Yeşiller Partisi'nin federal başkanı Franziska Brantner, FDP liderini dolaylı olarak yalan söylemekle suçladı: “Öğrendim ki: sen terbiyelisin, kendine saygı duyuyorsun, yalan söylemiyorsun. Bu, demokratik ortaklar arasında bir güven meselesidir.” Sözlerinin etkili bir şekilde kamuoyuna duyurulduğunu bilerek “Bild” gazetesine söyledi. Lindner'in yalan söylediğine dair açıklamanız, Lindner'ın kendisini siyasi sonuçlara varmaya zorlayacak konuşma eylemlerinden kaçınma girişimi kadar taktiksel değerlendirmelerin de sonucudur. Dahası, Brantner'ın yalan söylememenin demokratik uygulamanın mutabakatı olduğu yönündeki iddiasının kendisi de bir tür gerçek dışılıktır.

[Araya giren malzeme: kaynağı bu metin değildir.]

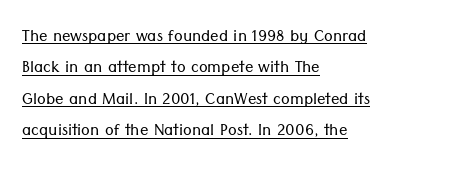
Posture: straight, roman, zero tilt. The specimen includes a rule beneath the text block's lines. A typesetter would call this leading conventional body-copy spacing. The letters sit at their default tracking, neither squeezed nor spread.
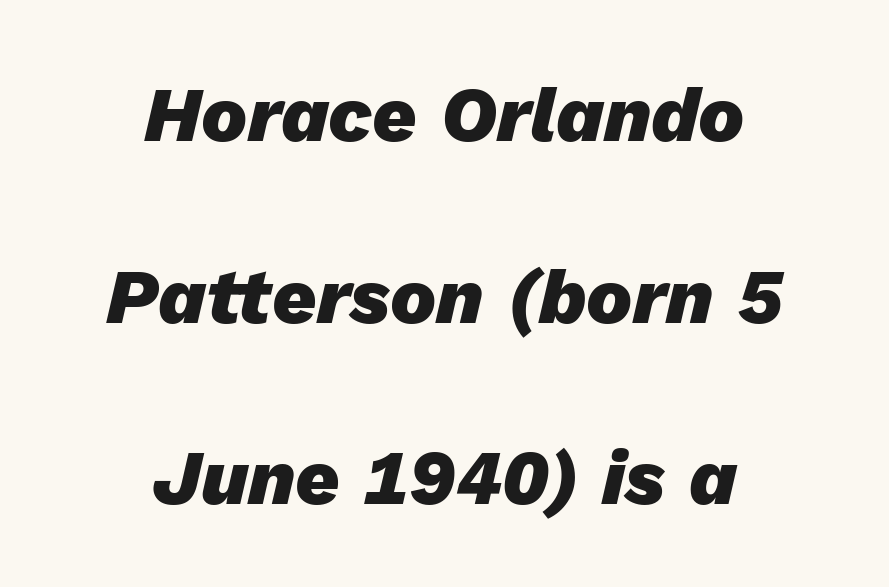
In CSS terms this would be text-align: center. Note the varied advance widths — an 'i' is clearly narrower than an 'm'. Honestly, the rows look like they've been pulled way apart. Caption: standard tracking, unaltered. Decoration check: the copy has no underline.
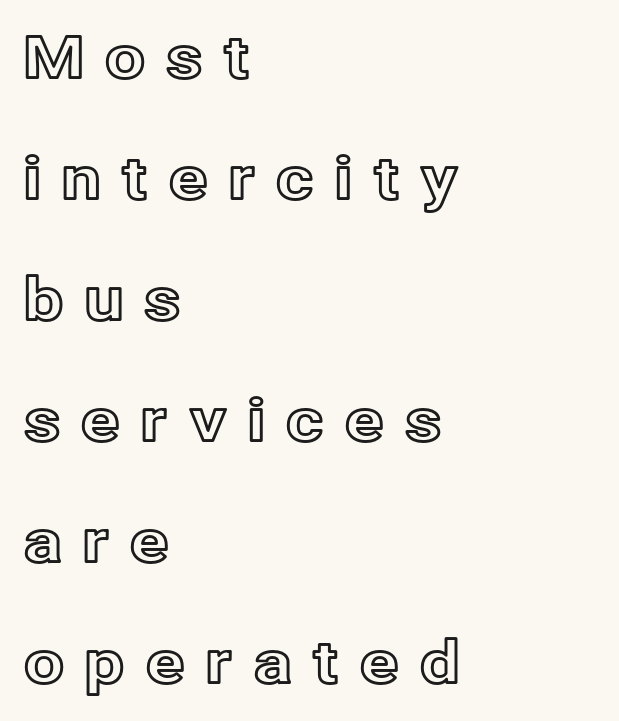
The words here are not underlined. Successive baselines arrive slowly, with a big drop between each. The specimen reads as upright at a glance. The letterforms stand isolated, each surrounded by extra space.
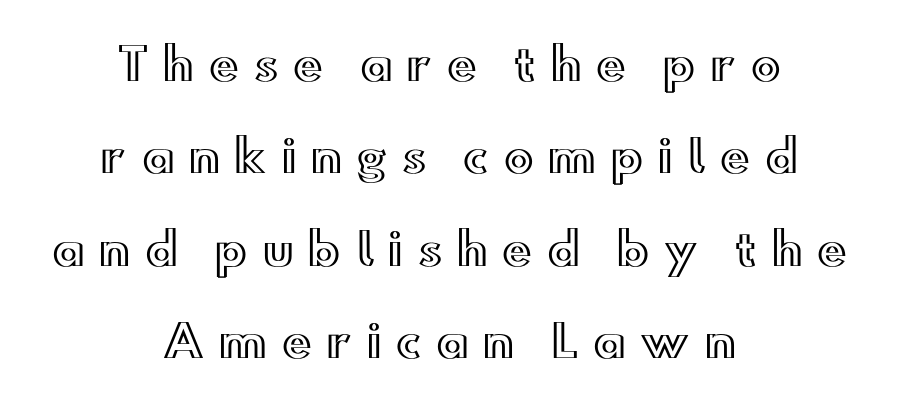
{"italic": "no", "width": "wide", "x_height": "small", "monospaced": "no", "underline": "no", "align": "center", "line_spacing": "loose", "line_spacing_ratio": 2.1, "letter_spacing": "wide", "letter_spacing_em": 0.34, "glyph_px": 44}
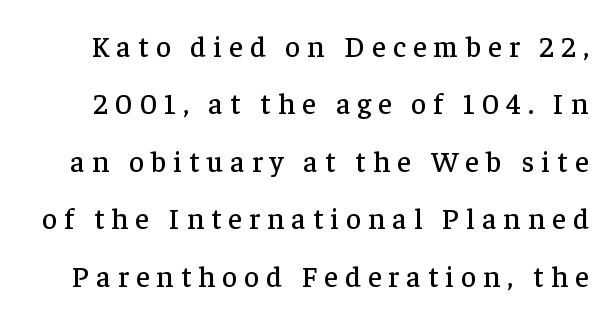
{"serif": "yes", "italic": "no", "width": "normal", "stroke_contrast": "low", "x_height": "medium", "monospaced": "no", "underline": "no", "line_spacing": "loose", "line_spacing_ratio": 1.98, "letter_spacing": "wide", "letter_spacing_em": 0.25, "glyph_px": 29}
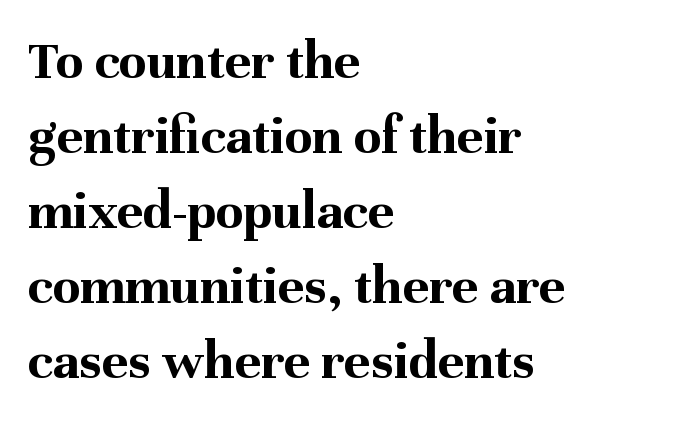
Q: Is the text bold? A: Yes.
Q: Is the text italic (slanted)? A: No, it is upright.
Q: Is the typeface a serif or a sans-serif typeface? A: Serif.
Q: Is the text underlined? A: No.
Q: How is the paragraph aligned? A: Left-aligned.
Q: Is the spacing between letters normal or unusually wide? A: Normal.
Q: Is the spacing between lines tight, normal or loose? A: Normal.
Q: Width (condensed, normal, or wide)? A: Normal.
Q: Stroke contrast? A: Medium.
Q: x-height? A: Medium.
Q: Monospaced? A: No.
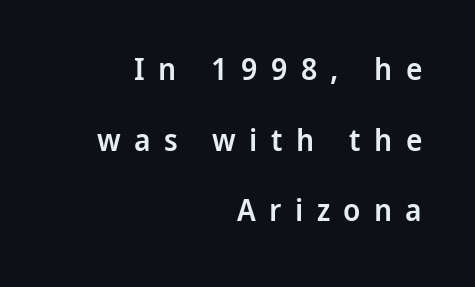
{"serif": "no", "italic": "no", "bold": "semi", "weight": "semibold", "width": "normal", "stroke_contrast": "low", "x_height": "medium", "monospaced": "no", "underline": "no", "align": "right", "line_spacing": "loose", "line_spacing_ratio": 2.28, "letter_spacing": "wide", "letter_spacing_em": 0.43, "glyph_px": 31}

Siyaset filozofu Hannah Arendt 1972'de şöyle yazmıştı: “Doğruluk hiçbir zaman siyasi erdemler arasında sayılmadı ve yalan söylemek siyasette her zaman izin verilen bir araç olarak görüldü.” Bunlardan biri, gerçekleri siyasi anlaşmaların bir aracı olarak liberal bir şekilde ele almasıydı – onun devlet adamı sanatı “Prens”, metafizik hakikat kavramlarının kısıtlamalarından özgürleşmeydi.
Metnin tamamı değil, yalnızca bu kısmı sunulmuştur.